- SUPPLIED DATA:
┏━━

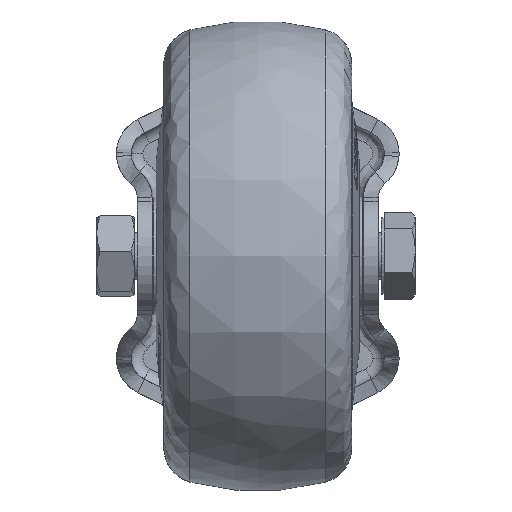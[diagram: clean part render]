
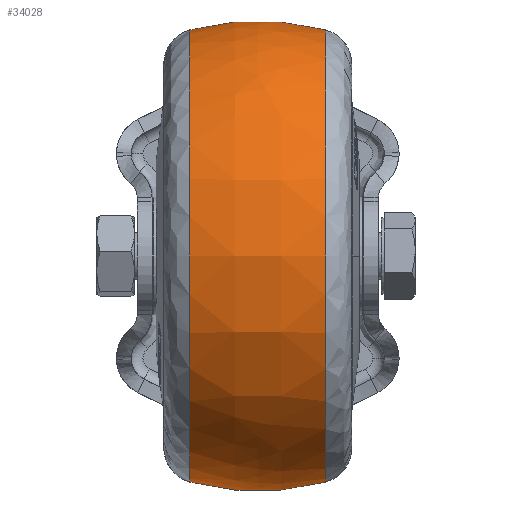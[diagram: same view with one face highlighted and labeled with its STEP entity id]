
A CAD part, front view. The second image highlights one B-rep face of the part: STEP entity #34028.
In plain terms, the highlighted free-form (B-spline) face has degree [3, 3] with [4, 4] control points.
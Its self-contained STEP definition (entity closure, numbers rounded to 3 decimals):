
#198 = CARTESIAN_POINT ( 'NONE',  ( 11.538, 0., -38.496 ) ) ;
#1994 = DIRECTION ( 'NONE',  ( -1., 0., 0. ) ) ;
#3546 = CARTESIAN_POINT ( 'NONE',  ( -11.538, -76.991, -38.496 ) ) ;
#3685 = CARTESIAN_POINT ( 'NONE',  ( 11.538, -76.991, 38.496 ) ) ;
#3889 = EDGE_CURVE ( 'NONE', #9148, #10275, #23625, .T. ) ;
#4538 = ORIENTED_EDGE ( 'NONE', *, *, #24045, .T. ) ;
#4856 = CIRCLE ( 'NONE', #36032, 45. ) ;
#5730 = DIRECTION ( 'NONE',  ( 0., -1., 0. ) ) ;
#7046 = CARTESIAN_POINT ( 'NONE',  ( -11.538, 0., 38.496 ) ) ;
#7819 = EDGE_LOOP ( 'NONE', ( #4538, #12524, #18086, #33624 ) ) ;
#7895 = DIRECTION ( 'NONE',  ( 0., 1., 0. ) ) ;
#8870 = CARTESIAN_POINT ( 'NONE',  ( 11.538, 0., 38.496 ) ) ;
#9015 = CARTESIAN_POINT ( 'NONE',  ( -11.538, 0., 38.496 ) ) ;
#9148 = VERTEX_POINT ( 'NONE', #13182 ) ;
#9704 = VERTEX_POINT ( 'NONE', #24452 ) ;
#10275 = VERTEX_POINT ( 'NONE', #8870 ) ;
#10585 = CARTESIAN_POINT ( 'NONE',  ( -3.934, -81.026, -40.513 ) ) ;
#11161 = DIRECTION ( 'NONE',  ( 1., 0., 0. ) ) ;
#12524 = ORIENTED_EDGE ( 'NONE', *, *, #39800, .T. ) ;
#13182 = CARTESIAN_POINT ( 'NONE',  ( 11.538, 0., -38.496 ) ) ;
#14083 = CARTESIAN_POINT ( 'NONE',  ( -3.934, 0., 40.513 ) ) ;
#17591 = CARTESIAN_POINT ( 'NONE',  ( 3.934, -81.026, -40.513 ) ) ;
#17713 = AXIS2_PLACEMENT_3D ( 'NONE', #26707, #5730, #30135 ) ;
#18086 = ORIENTED_EDGE ( 'NONE', *, *, #3889, .T. ) ;
#21155 = CARTESIAN_POINT ( 'NONE',  ( 3.934, 0., 40.513 ) ) ;
#22946 = CARTESIAN_POINT ( 'NONE',  ( 11.538, 0., 0. ) ) ;
#23625 = CIRCLE ( 'NONE', #24512, 38.496 ) ;
#24045 = EDGE_CURVE ( 'NONE', #44344, #9704, #41118, .T. ) ;
#24452 = CARTESIAN_POINT ( 'NONE',  ( -11.538, 0., -38.496 ) ) ;
#24512 = AXIS2_PLACEMENT_3D ( 'NONE', #22946, #1994, #26454 ) ;
#24665 = CARTESIAN_POINT ( 'NONE',  ( 11.538, -76.991, -38.496 ) ) ;
#25303 =( BOUNDED_SURFACE ( )  B_SPLINE_SURFACE ( 3, 3, ( 
 ( #27839, #3546, #27983, #7046 ),
 ( #31399, #10585, #34847, #14083 ),
 ( #38315, #17591, #41763, #21155 ),
 ( #198, #24665, #3685, #28123 ) ),
 .UNSPECIFIED., .F., .F., .T. ) 
 B_SPLINE_SURFACE_WITH_KNOTS ( ( 4, 4 ),
 ( 4, 4 ),
 ( 0., 1. ),
 ( 0., 1. ),
 .UNSPECIFIED. ) 
 GEOMETRIC_REPRESENTATION_ITEM ( )  RATIONAL_B_SPLINE_SURFACE ( (
 ( 1., 0.333, 0.333, 1.),
 ( 0.978, 0.326, 0.326, 0.978),
 ( 0.978, 0.326, 0.326, 0.978),
 ( 1., 0.333, 0.333, 1.) ) ) 
 REPRESENTATION_ITEM ( '' )  SURFACE ( )  );
#26454 = DIRECTION ( 'NONE',  ( 0., 0., 1. ) ) ;
#26707 = CARTESIAN_POINT ( 'NONE',  ( 0., 0., 5. ) ) ;
#27839 = CARTESIAN_POINT ( 'NONE',  ( -11.538, 0., -38.496 ) ) ;
#27983 = CARTESIAN_POINT ( 'NONE',  ( -11.538, -76.991, 38.496 ) ) ;
#28123 = CARTESIAN_POINT ( 'NONE',  ( 11.538, 0., 38.496 ) ) ;
#28799 = CARTESIAN_POINT ( 'NONE',  ( 0., 0., -5. ) ) ;
#30135 = DIRECTION ( 'NONE',  ( 0., 0., -1. ) ) ;
#31105 = CIRCLE ( 'NONE', #17713, 45. ) ;
#31399 = CARTESIAN_POINT ( 'NONE',  ( -3.934, 0., -40.513 ) ) ;
#31947 = CARTESIAN_POINT ( 'NONE',  ( -11.538, 0., 0. ) ) ;
#32221 = DIRECTION ( 'NONE',  ( 0., 0., 1. ) ) ;
#33624 = ORIENTED_EDGE ( 'NONE', *, *, #44592, .F. ) ;
#34028 = ADVANCED_FACE ( 'NONE', ( #36011 ), #25303, .T. ) ;
#34847 = CARTESIAN_POINT ( 'NONE',  ( -3.934, -81.026, 40.513 ) ) ;
#35411 = DIRECTION ( 'NONE',  ( 0., 0., 1. ) ) ;
#35643 = AXIS2_PLACEMENT_3D ( 'NONE', #31947, #11161, #35411 ) ;
#36011 = FACE_OUTER_BOUND ( 'NONE', #7819, .T. ) ;
#36032 = AXIS2_PLACEMENT_3D ( 'NONE', #28799, #7895, #32221 ) ;
#38315 = CARTESIAN_POINT ( 'NONE',  ( 3.934, 0., -40.513 ) ) ;
#39800 = EDGE_CURVE ( 'NONE', #9704, #9148, #31105, .T. ) ;
#41118 = CIRCLE ( 'NONE', #35643, 38.496 ) ;
#41763 = CARTESIAN_POINT ( 'NONE',  ( 3.934, -81.026, 40.513 ) ) ;
#44344 = VERTEX_POINT ( 'NONE', #9015 ) ;
#44592 = EDGE_CURVE ( 'NONE', #44344, #10275, #4856, .T. ) ;

┗━━

Would you please output the listing above exactly, leaving out the pictures?

- TASK RESPONSE:
[diagram: clean part render]
[diagram: same view with one face highlighted and labeled with its STEP entity id]
A CAD part, front view. The second image highlights one B-rep face of the part: STEP entity #34028.
In plain terms, the highlighted free-form (B-spline) face has degree [3, 3] with [4, 4] control points.
Its self-contained STEP definition (entity closure, numbers rounded to 3 decimals):
#198 = CARTESIAN_POINT ( 'NONE',  ( 11.538, 0., -38.496 ) ) ;
#1994 = DIRECTION ( 'NONE',  ( -1., 0., 0. ) ) ;
#3546 = CARTESIAN_POINT ( 'NONE',  ( -11.538, -76.991, -38.496 ) ) ;
#3685 = CARTESIAN_POINT ( 'NONE',  ( 11.538, -76.991, 38.496 ) ) ;
#3889 = EDGE_CURVE ( 'NONE', #9148, #10275, #23625, .T. ) ;
#4538 = ORIENTED_EDGE ( 'NONE', *, *, #24045, .T. ) ;
#4856 = CIRCLE ( 'NONE', #36032, 45. ) ;
#5730 = DIRECTION ( 'NONE',  ( 0., -1., 0. ) ) ;
#7046 = CARTESIAN_POINT ( 'NONE',  ( -11.538, 0., 38.496 ) ) ;
#7819 = EDGE_LOOP ( 'NONE', ( #4538, #12524, #18086, #33624 ) ) ;
#7895 = DIRECTION ( 'NONE',  ( 0., 1., 0. ) ) ;
#8870 = CARTESIAN_POINT ( 'NONE',  ( 11.538, 0., 38.496 ) ) ;
#9015 = CARTESIAN_POINT ( 'NONE',  ( -11.538, 0., 38.496 ) ) ;
#9148 = VERTEX_POINT ( 'NONE', #13182 ) ;
#9704 = VERTEX_POINT ( 'NONE', #24452 ) ;
#10275 = VERTEX_POINT ( 'NONE', #8870 ) ;
#10585 = CARTESIAN_POINT ( 'NONE',  ( -3.934, -81.026, -40.513 ) ) ;
#11161 = DIRECTION ( 'NONE',  ( 1., 0., 0. ) ) ;
#12524 = ORIENTED_EDGE ( 'NONE', *, *, #39800, .T. ) ;
#13182 = CARTESIAN_POINT ( 'NONE',  ( 11.538, 0., -38.496 ) ) ;
#14083 = CARTESIAN_POINT ( 'NONE',  ( -3.934, 0., 40.513 ) ) ;
#17591 = CARTESIAN_POINT ( 'NONE',  ( 3.934, -81.026, -40.513 ) ) ;
#17713 = AXIS2_PLACEMENT_3D ( 'NONE', #26707, #5730, #30135 ) ;
#18086 = ORIENTED_EDGE ( 'NONE', *, *, #3889, .T. ) ;
#21155 = CARTESIAN_POINT ( 'NONE',  ( 3.934, 0., 40.513 ) ) ;
#22946 = CARTESIAN_POINT ( 'NONE',  ( 11.538, 0., 0. ) ) ;
#23625 = CIRCLE ( 'NONE', #24512, 38.496 ) ;
#24045 = EDGE_CURVE ( 'NONE', #44344, #9704, #41118, .T. ) ;
#24452 = CARTESIAN_POINT ( 'NONE',  ( -11.538, 0., -38.496 ) ) ;
#24512 = AXIS2_PLACEMENT_3D ( 'NONE', #22946, #1994, #26454 ) ;
#24665 = CARTESIAN_POINT ( 'NONE',  ( 11.538, -76.991, -38.496 ) ) ;
#25303 =( BOUNDED_SURFACE ( )  B_SPLINE_SURFACE ( 3, 3, ( 
 ( #27839, #3546, #27983, #7046 ),
 ( #31399, #10585, #34847, #14083 ),
 ( #38315, #17591, #41763, #21155 ),
 ( #198, #24665, #3685, #28123 ) ),
 .UNSPECIFIED., .F., .F., .T. ) 
 B_SPLINE_SURFACE_WITH_KNOTS ( ( 4, 4 ),
 ( 4, 4 ),
 ( 0., 1. ),
 ( 0., 1. ),
 .UNSPECIFIED. ) 
 GEOMETRIC_REPRESENTATION_ITEM ( )  RATIONAL_B_SPLINE_SURFACE ( (
 ( 1., 0.333, 0.333, 1.),
 ( 0.978, 0.326, 0.326, 0.978),
 ( 0.978, 0.326, 0.326, 0.978),
 ( 1., 0.333, 0.333, 1.) ) ) 
 REPRESENTATION_ITEM ( '' )  SURFACE ( )  );
#26454 = DIRECTION ( 'NONE',  ( 0., 0., 1. ) ) ;
#26707 = CARTESIAN_POINT ( 'NONE',  ( 0., 0., 5. ) ) ;
#27839 = CARTESIAN_POINT ( 'NONE',  ( -11.538, 0., -38.496 ) ) ;
#27983 = CARTESIAN_POINT ( 'NONE',  ( -11.538, -76.991, 38.496 ) ) ;
#28123 = CARTESIAN_POINT ( 'NONE',  ( 11.538, 0., 38.496 ) ) ;
#28799 = CARTESIAN_POINT ( 'NONE',  ( 0., 0., -5. ) ) ;
#30135 = DIRECTION ( 'NONE',  ( 0., 0., -1. ) ) ;
#31105 = CIRCLE ( 'NONE', #17713, 45. ) ;
#31399 = CARTESIAN_POINT ( 'NONE',  ( -3.934, 0., -40.513 ) ) ;
#31947 = CARTESIAN_POINT ( 'NONE',  ( -11.538, 0., 0. ) ) ;
#32221 = DIRECTION ( 'NONE',  ( 0., 0., 1. ) ) ;
#33624 = ORIENTED_EDGE ( 'NONE', *, *, #44592, .F. ) ;
#34028 = ADVANCED_FACE ( 'NONE', ( #36011 ), #25303, .T. ) ;
#34847 = CARTESIAN_POINT ( 'NONE',  ( -3.934, -81.026, 40.513 ) ) ;
#35411 = DIRECTION ( 'NONE',  ( 0., 0., 1. ) ) ;
#35643 = AXIS2_PLACEMENT_3D ( 'NONE', #31947, #11161, #35411 ) ;
#36011 = FACE_OUTER_BOUND ( 'NONE', #7819, .T. ) ;
#36032 = AXIS2_PLACEMENT_3D ( 'NONE', #28799, #7895, #32221 ) ;
#38315 = CARTESIAN_POINT ( 'NONE',  ( 3.934, 0., -40.513 ) ) ;
#39800 = EDGE_CURVE ( 'NONE', #9704, #9148, #31105, .T. ) ;
#41118 = CIRCLE ( 'NONE', #35643, 38.496 ) ;
#41763 = CARTESIAN_POINT ( 'NONE',  ( 3.934, -81.026, 40.513 ) ) ;
#44344 = VERTEX_POINT ( 'NONE', #9015 ) ;
#44592 = EDGE_CURVE ( 'NONE', #44344, #10275, #4856, .T. ) ;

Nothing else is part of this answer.